The summer version of Sunday supper is inviting neighborhood buds over for a long, drawn-out bbq, grilling whatever meat and vegetables are leftover in the fridge from the week and turning them into some sort of taco bar. It helps us clean out our fridge, pretty much. People can come and go. It’s very casual.

On this night, Russ put out different tinned fish, fancy butters, pickles, and baguettes. And my friend Alison, who wrote the cookbook Dining In, came over to test recipes for her second one: She made dragon beans; Sun Gold tomato pasta with anchovies; charred eggplant with preserved lemon and chili bread crumbs; tomatoes with toasted fennel, anchovy, garlic, and chili; and a mizuna salad. She is the worst sort of friend to have. And we continue to find it in our hearts to let her cook for us.

Also, we drank four bottles of pét-nat. For dessert, our friend Seth made a berry pie with whipped cream that was super flaky and buttery and suspiciously too well-made for a comedy writer. We were grilling him on his crust recipe. I have spent time on pie crust, let me tell you, trying to figure it out. I respected the whole process. Seth said he used Thomas Keller’s recipe, which totally checked out.

Monday, September 17
Beautiful cold slop with dried currants for breakfast. I dropped off Apollo with his gourmand’s lunch, which I knew he probably wouldn’t touch, and went home to do Tracy Anderson. It was hard to work out because I felt like if you pricked my skin, foie gras pie would come out. But I pushed through and thought about what a good detox shabu-shabu would finally be!

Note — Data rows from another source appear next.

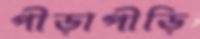
পীড়াপীড়ি
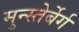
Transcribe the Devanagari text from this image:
मुन्स्तेर्बेर्ग
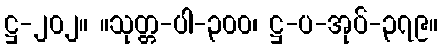
ဋ္ဌ-၂၀၂။ ။သုတ္တ-ပါ-၃၀၀၊ ဋ္ဌ-ပ-အုပ်-၃၇၉။

An audition in Soho put me in the wrong part of town for lunch, but I kept my cool and took the train to Woorijip Authentic Korean Food in K-Town. I had kimchee fried rice and a Sac Sac grape drink for five bucks.

Hot tip: Skip the buffet if you know what you’re doing and go straight to the prepared to-go foods. Those come with a free soup, miyuk (seaweed) or kong-namul (bean sprout), or salad on the side. If you’re new to Korean food, the buffet is overpriced, go easy on the heavy items, but it’s a low-risk way of getting to try a lot of different things.

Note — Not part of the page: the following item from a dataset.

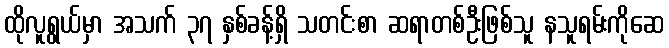
ထိုလူရွယ်မှာ အသက် ၃၇ နှစ်ခန့်ရှိ သတင်းစာ ဆရာတစ်ဦးဖြစ်သူ နသူရမ်းကိုဆေ

One of my favorite things to do there is to eavesdrop on people trying Korean food for the first time: Grown men in business suits having full-blown nervy-B’s over acorn jelly. It’s a beautiful thing.

On my way home, I stopped at H Mart to buy thinly sliced brisket and pork loin for shabu-shabu. But then I got to the post office six minutes too late. One of the perks of acting is that you can cry on cue, but after a moment of consideration, this felt like an abuse of power.

Dinner was white rice, banchan from H Mart, and my fake tears because all I thought about was hot pot. I went to bed more determined than ever to have it.

Tuesday, September 18
Apollo FaceTimed with harlmoni (grandma) or “honey-money” while we ate various duuk, Korean rice cakes, including the one that looks and tastes like a delicious bath towel. All the Koreans know which one I’m talking about.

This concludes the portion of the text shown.